DATASET EXCERPT:

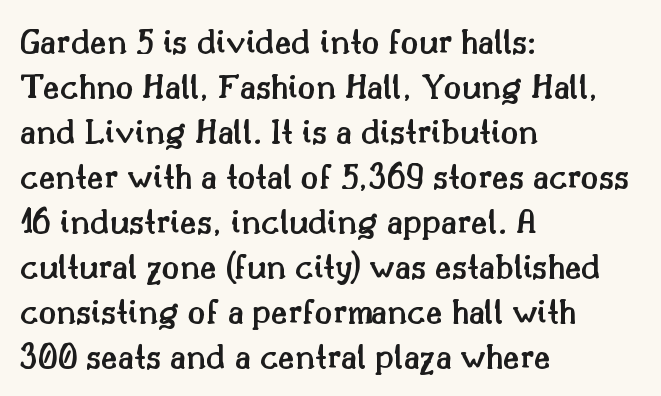
The axis of the letterforms is exactly vertical. The specimen omits any rule beneath the text block's lines. Interline gaps are of average width in this sample. The rendering uses natural spacing where letterforms have individual widths.
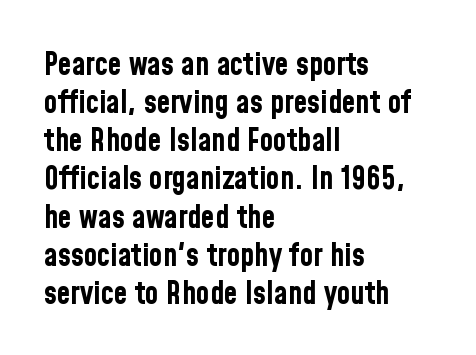
{"serif": "no", "italic": "no", "bold": "yes", "weight": "bold", "width": "condensed", "stroke_contrast": "low", "x_height": "medium", "monospaced": "no", "underline": "no", "align": "left", "line_spacing_ratio": 1.23, "letter_spacing": "normal", "letter_spacing_em": 0.0, "glyph_px": 31}
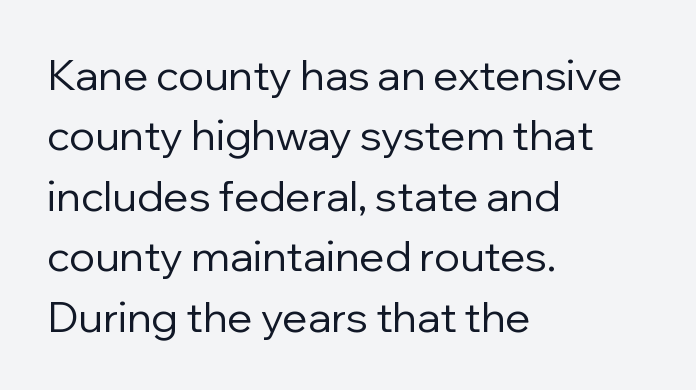
The image shows 42 px regular-weight sans-serif type, upright; set left-aligned, normal line spacing (1.44x), normal letter spacing, not underlined; low stroke contrast and a medium x-height.
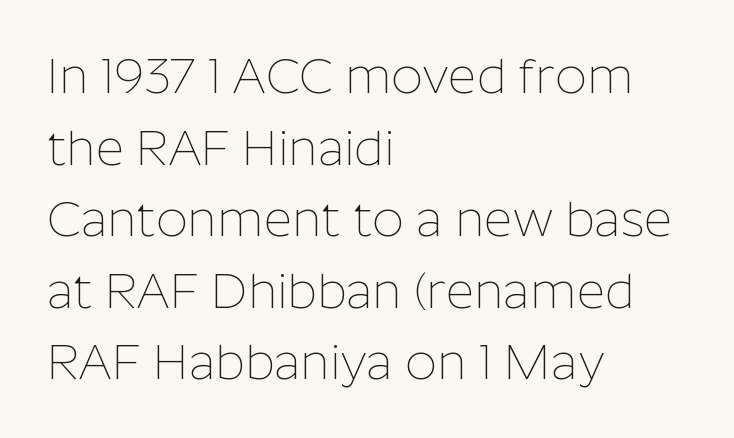
In CSS terms this would be text-align: left. Notice how descenders clear the ascenders below comfortably — that's standard leading. This rendering leaves character spacing at its baseline value. Quick note: underline off.
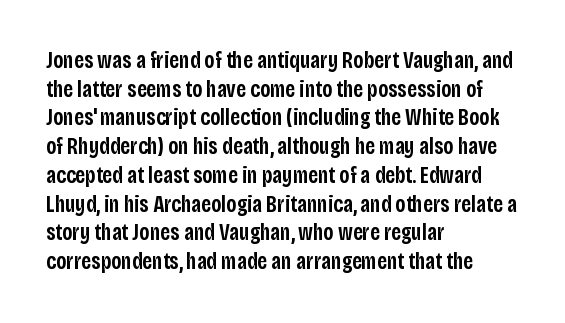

TASK TO COMPLETE: Wherever the string "serif" appears in the listing above, show the whole line.

SOLUTION:
{"serif": "no", "italic": "no", "bold": "yes", "weight": "bold", "width": "condensed", "stroke_contrast": "low", "x_height": "medium", "monospaced": "no", "underline": "no", "align": "left", "line_spacing_ratio": 1.23, "letter_spacing": "normal", "letter_spacing_em": 0.0, "glyph_px": 31}
The image shows 42 px regular-weight sans-serif type, upright; set left-aligned, normal line spacing (1.44x), normal letter spacing, not underlined; low stroke contrast and a medium x-height.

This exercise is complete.